[Records from a collection]
⁂

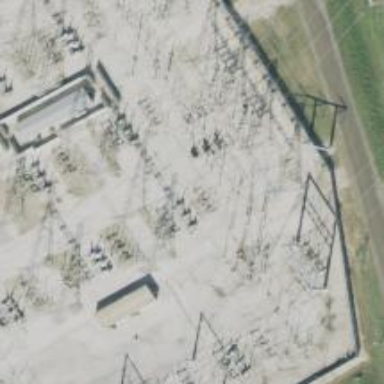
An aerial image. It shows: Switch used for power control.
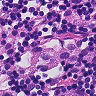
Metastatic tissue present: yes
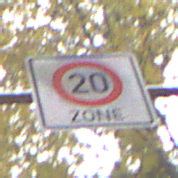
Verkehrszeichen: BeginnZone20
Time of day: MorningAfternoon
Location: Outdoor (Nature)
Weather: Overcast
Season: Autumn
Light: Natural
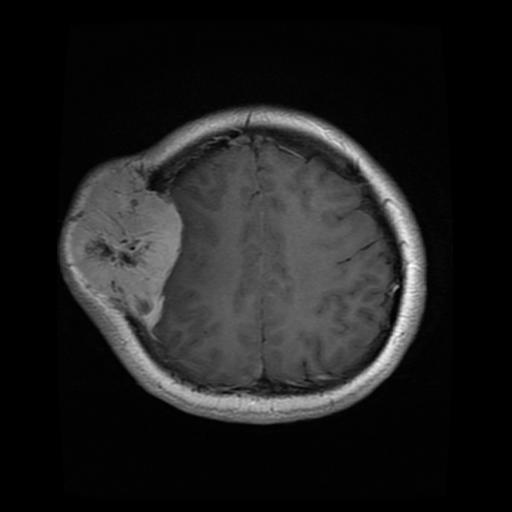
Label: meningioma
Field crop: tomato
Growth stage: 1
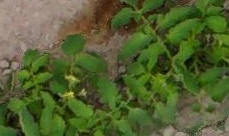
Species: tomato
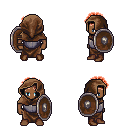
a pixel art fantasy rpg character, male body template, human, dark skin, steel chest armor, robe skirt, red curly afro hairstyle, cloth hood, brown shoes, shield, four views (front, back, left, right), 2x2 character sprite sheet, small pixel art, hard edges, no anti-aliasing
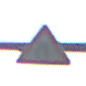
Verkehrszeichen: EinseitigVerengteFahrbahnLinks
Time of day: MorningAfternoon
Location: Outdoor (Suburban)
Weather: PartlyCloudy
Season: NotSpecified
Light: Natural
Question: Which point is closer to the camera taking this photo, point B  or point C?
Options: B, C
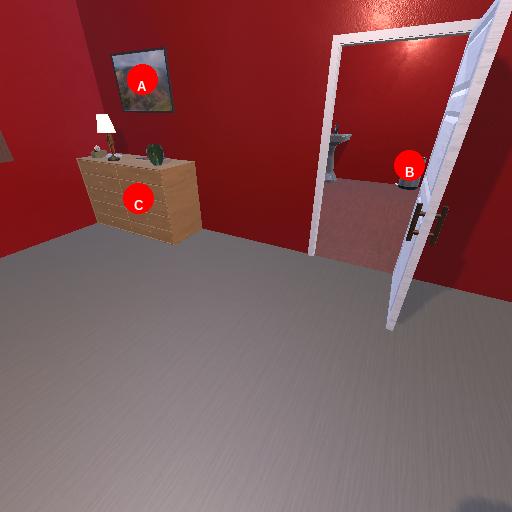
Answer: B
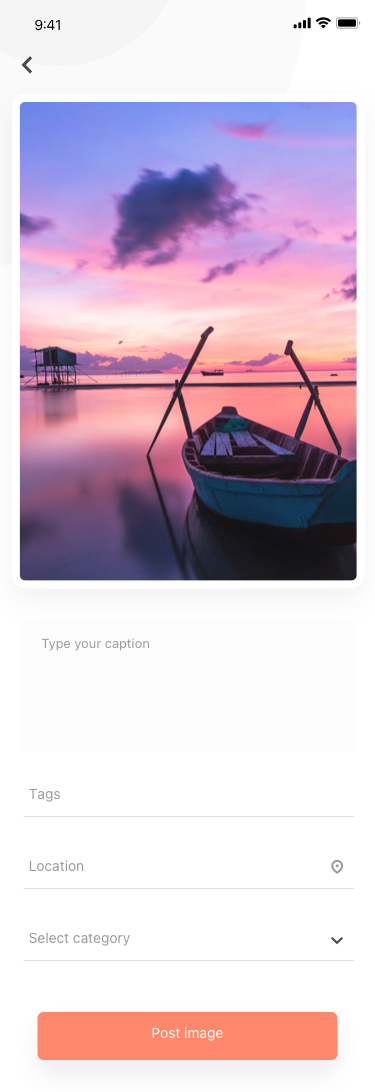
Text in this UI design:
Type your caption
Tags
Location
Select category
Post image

⁂

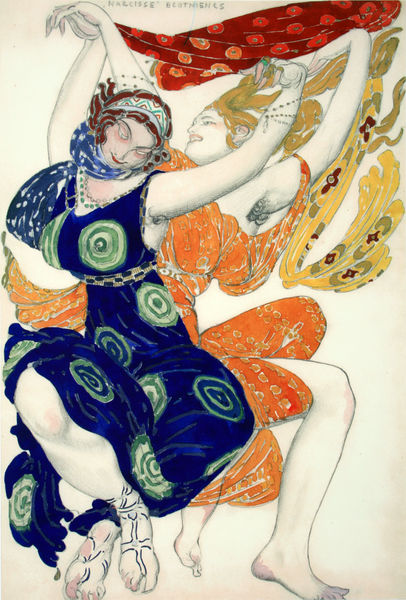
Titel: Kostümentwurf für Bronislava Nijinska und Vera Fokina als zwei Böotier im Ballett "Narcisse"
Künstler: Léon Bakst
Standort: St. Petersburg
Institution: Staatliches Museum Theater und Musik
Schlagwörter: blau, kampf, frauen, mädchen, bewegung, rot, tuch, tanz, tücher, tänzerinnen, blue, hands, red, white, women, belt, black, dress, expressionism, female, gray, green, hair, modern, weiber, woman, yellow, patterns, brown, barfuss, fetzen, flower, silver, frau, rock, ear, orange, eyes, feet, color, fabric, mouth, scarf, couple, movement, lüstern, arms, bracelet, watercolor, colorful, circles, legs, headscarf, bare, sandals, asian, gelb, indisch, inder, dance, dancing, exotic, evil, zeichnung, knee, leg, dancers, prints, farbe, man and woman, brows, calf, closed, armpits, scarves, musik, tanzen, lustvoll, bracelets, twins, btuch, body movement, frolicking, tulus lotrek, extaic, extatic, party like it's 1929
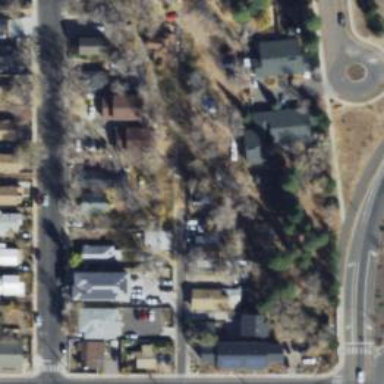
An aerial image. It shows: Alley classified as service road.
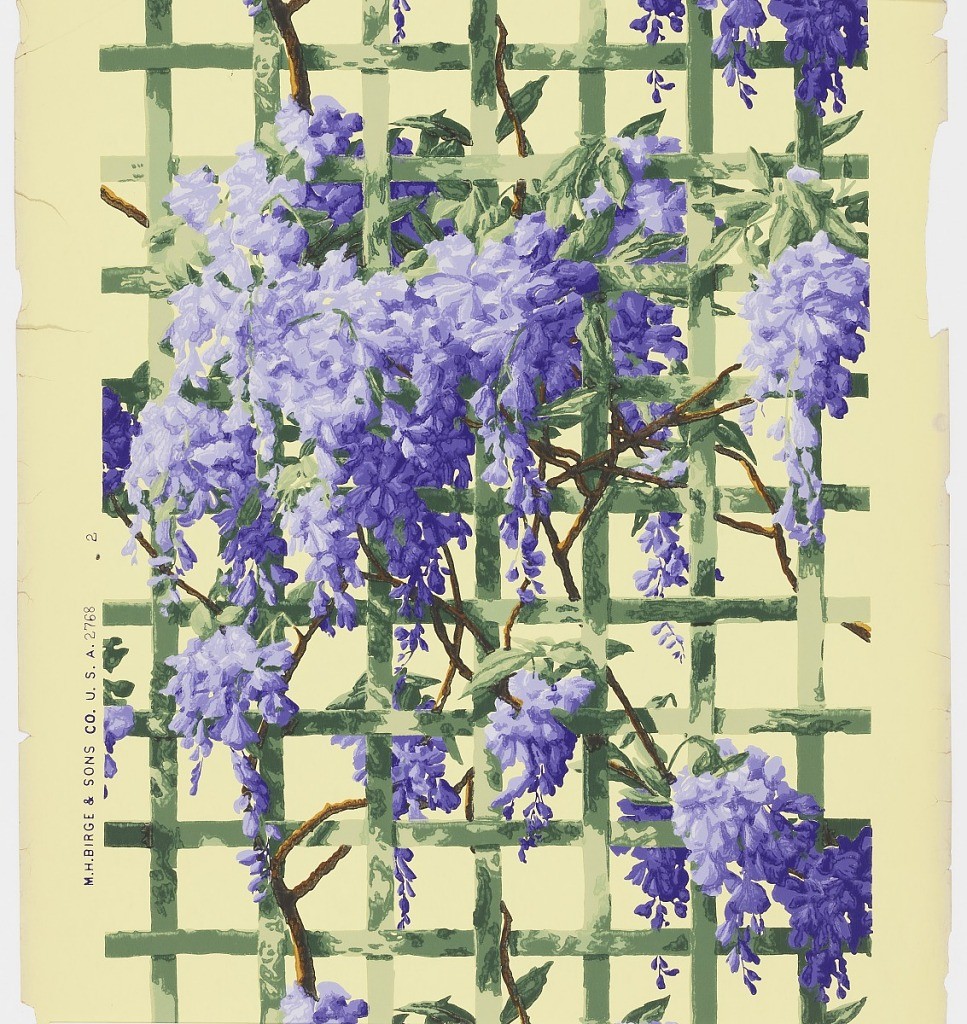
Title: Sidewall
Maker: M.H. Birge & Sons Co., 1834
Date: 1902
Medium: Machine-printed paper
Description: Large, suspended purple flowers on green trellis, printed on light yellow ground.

⁂

● WORK INSTRUCTIONS
Using the data above, transcribe exactly the lines between those containing "An aerial image. It shows: Alley" and "Description: Large, suspended", inclusive, and leave every picture behind.

● FINAL ANSWER
An aerial image. It shows: Alley classified as service road.
Title: Sidewall
Maker: M.H. Birge & Sons Co., 1834
Date: 1902
Medium: Machine-printed paper
Description: Large, suspended purple flowers on green trellis, printed on light yellow ground.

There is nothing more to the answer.